Under normal operating conditions, the contacts remain closed and the circuit breaker carries the
full-load current continuously. In this condition, the e.m.f. in the secondary winding of current
transformer (C.T.) is insufficient to operate the trip coil of the breaker but the contacts can be
opened (and hence the circuit can be opened) by manual or remote control. When a fault occurs,
the resulting overcurrent in the C.T. primary winding increases the secondary e.m.f. This
energises the trip coil of the breaker and moving contacts are pulled down, thus opening the
contacts and hence the circuit. The arc produced during the opening operation is quenched by the
oil. It is interesting to note that relay performs the function of detecting a fault whereas the
circuit breaker does the actual circuit interruption.
Relays
A relay is a device which detects the fault and supplies information to the breaker for circuit
interruption. Fig. 16.1 (ii) shows a typical relay circuit. It can be divided into three parts viz.

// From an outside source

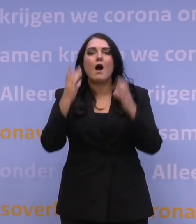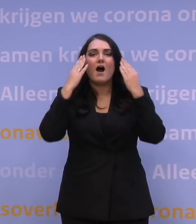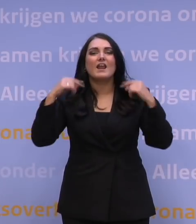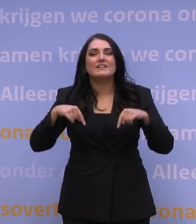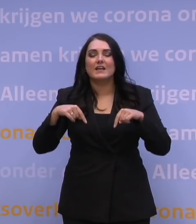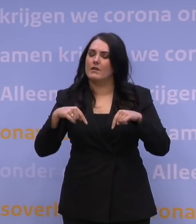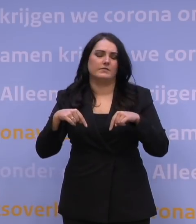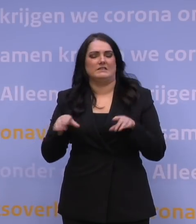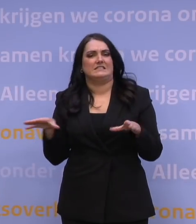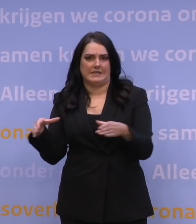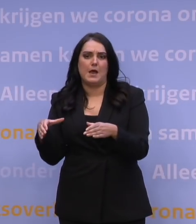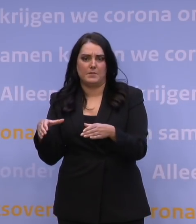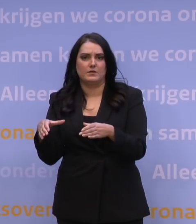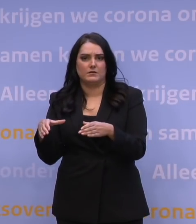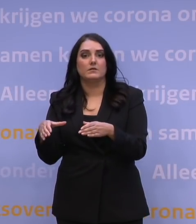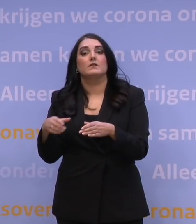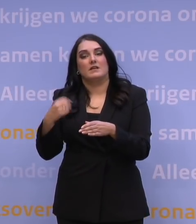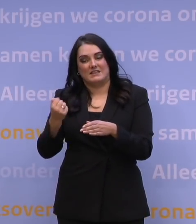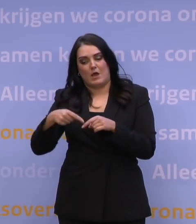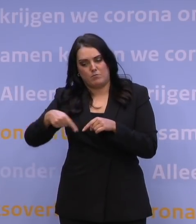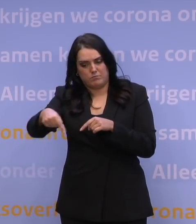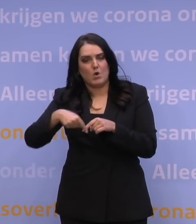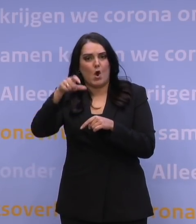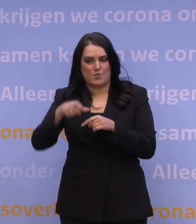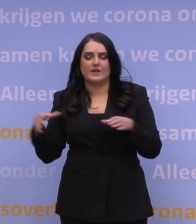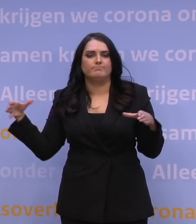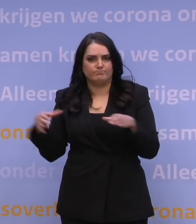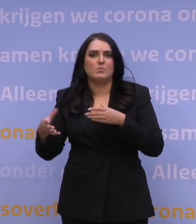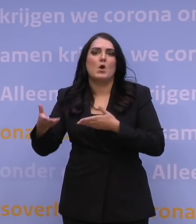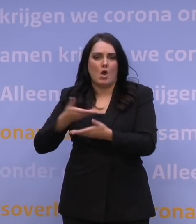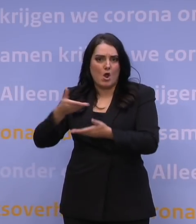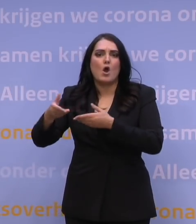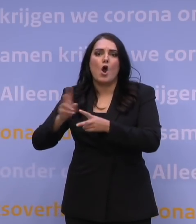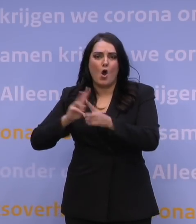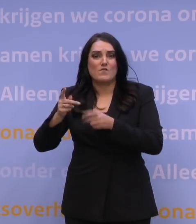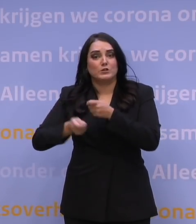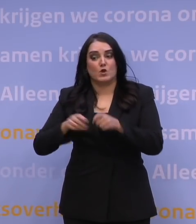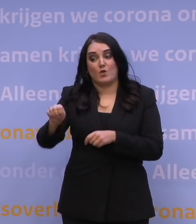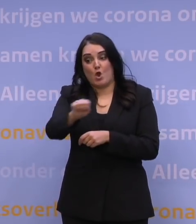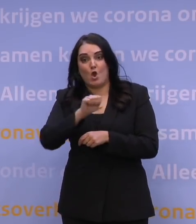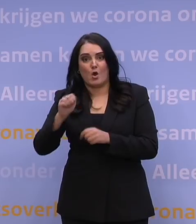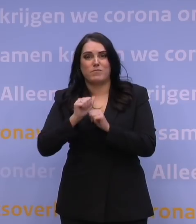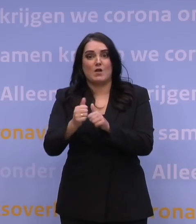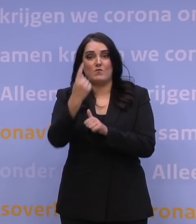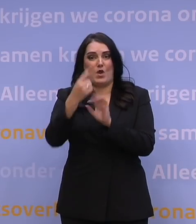Ook daarvoor hebben we de komende weken een aantal overleggen om te zorgen dat we daar als Europa weer op één lijn komen. Dan ten aanzien van de quarantaine,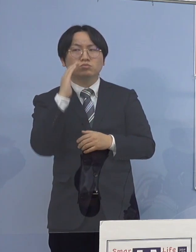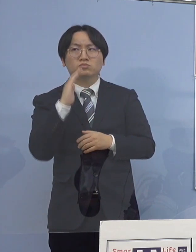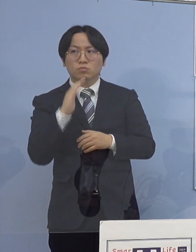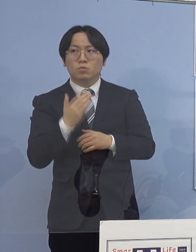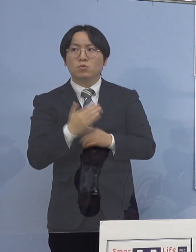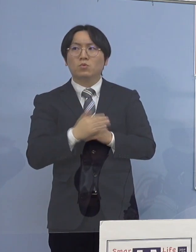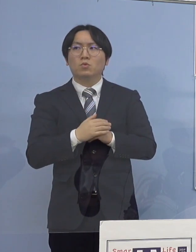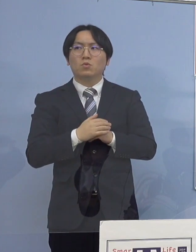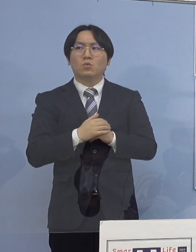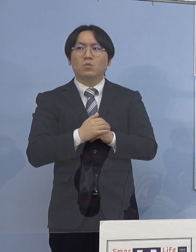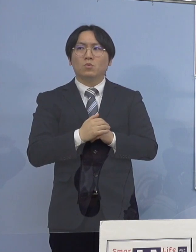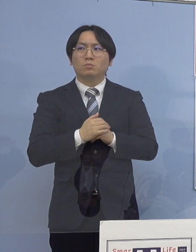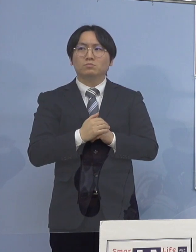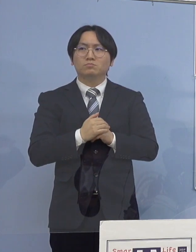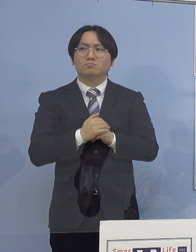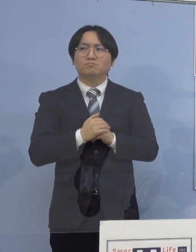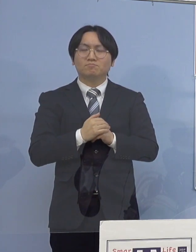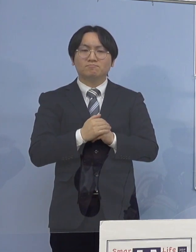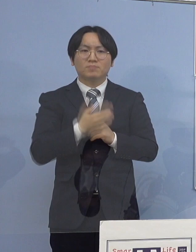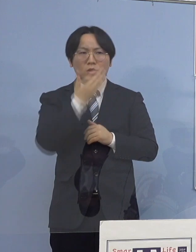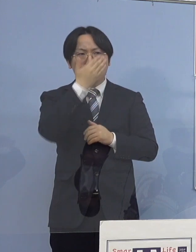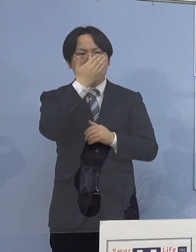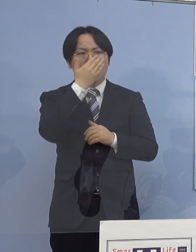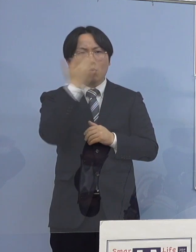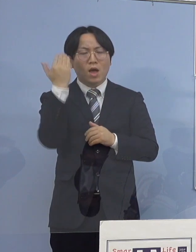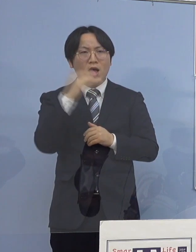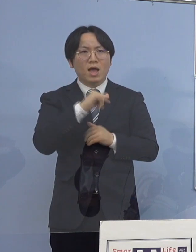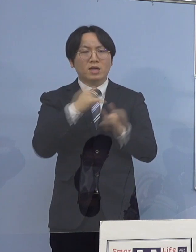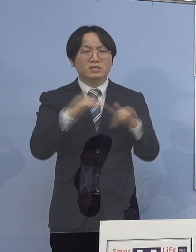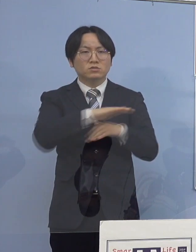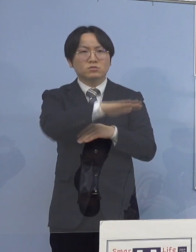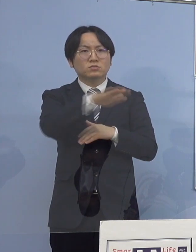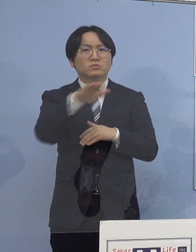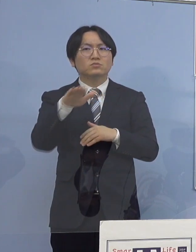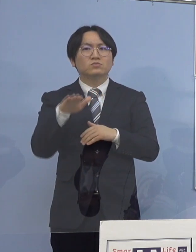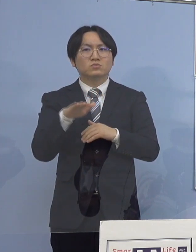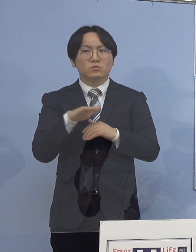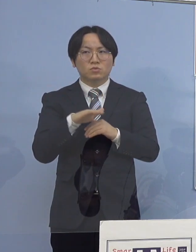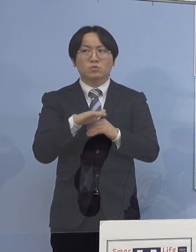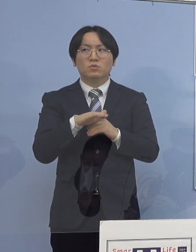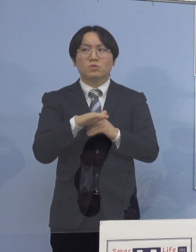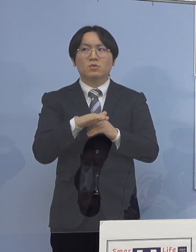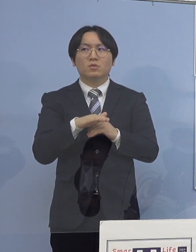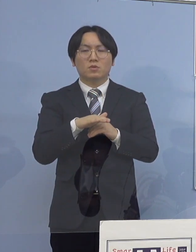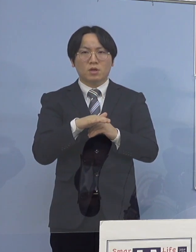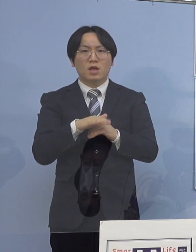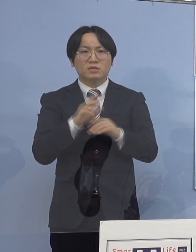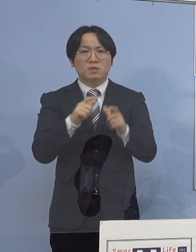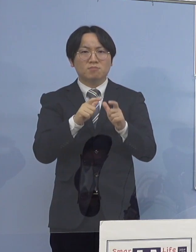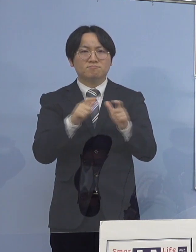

(i) The primary winding of a *current transformer (C.T.) which is connected in series with the
circuit to be protected. The primary winding often consists of the main conductor itself.

(ii) The second circuit is the secondary winding of C.T. connected to the relay operating coil.

(iii) The third circuit is the tripping circuit which consists of a source of supply, trip coil of
circuit breaker and the relay stationary contacts.

Under normal load conditions, the e.m.f. of the secondary winding of C.T. is small and the
current flowing in the relay operating coil is insufficient to close the relay contacts. This keeps
the trip coil of the circuit breaker unenergised. Consequently, the contacts of the circuit breaker
remain closed and it carries the normal load current. When a fault occurs, a large current flows
through the primary of C.T. This increases the secondary e.m.f. and hence the current through
the relay operating coil. The relay contacts are closed and the trip coil of the circuit breaker is
energised to open the contacts of the circuit breaker.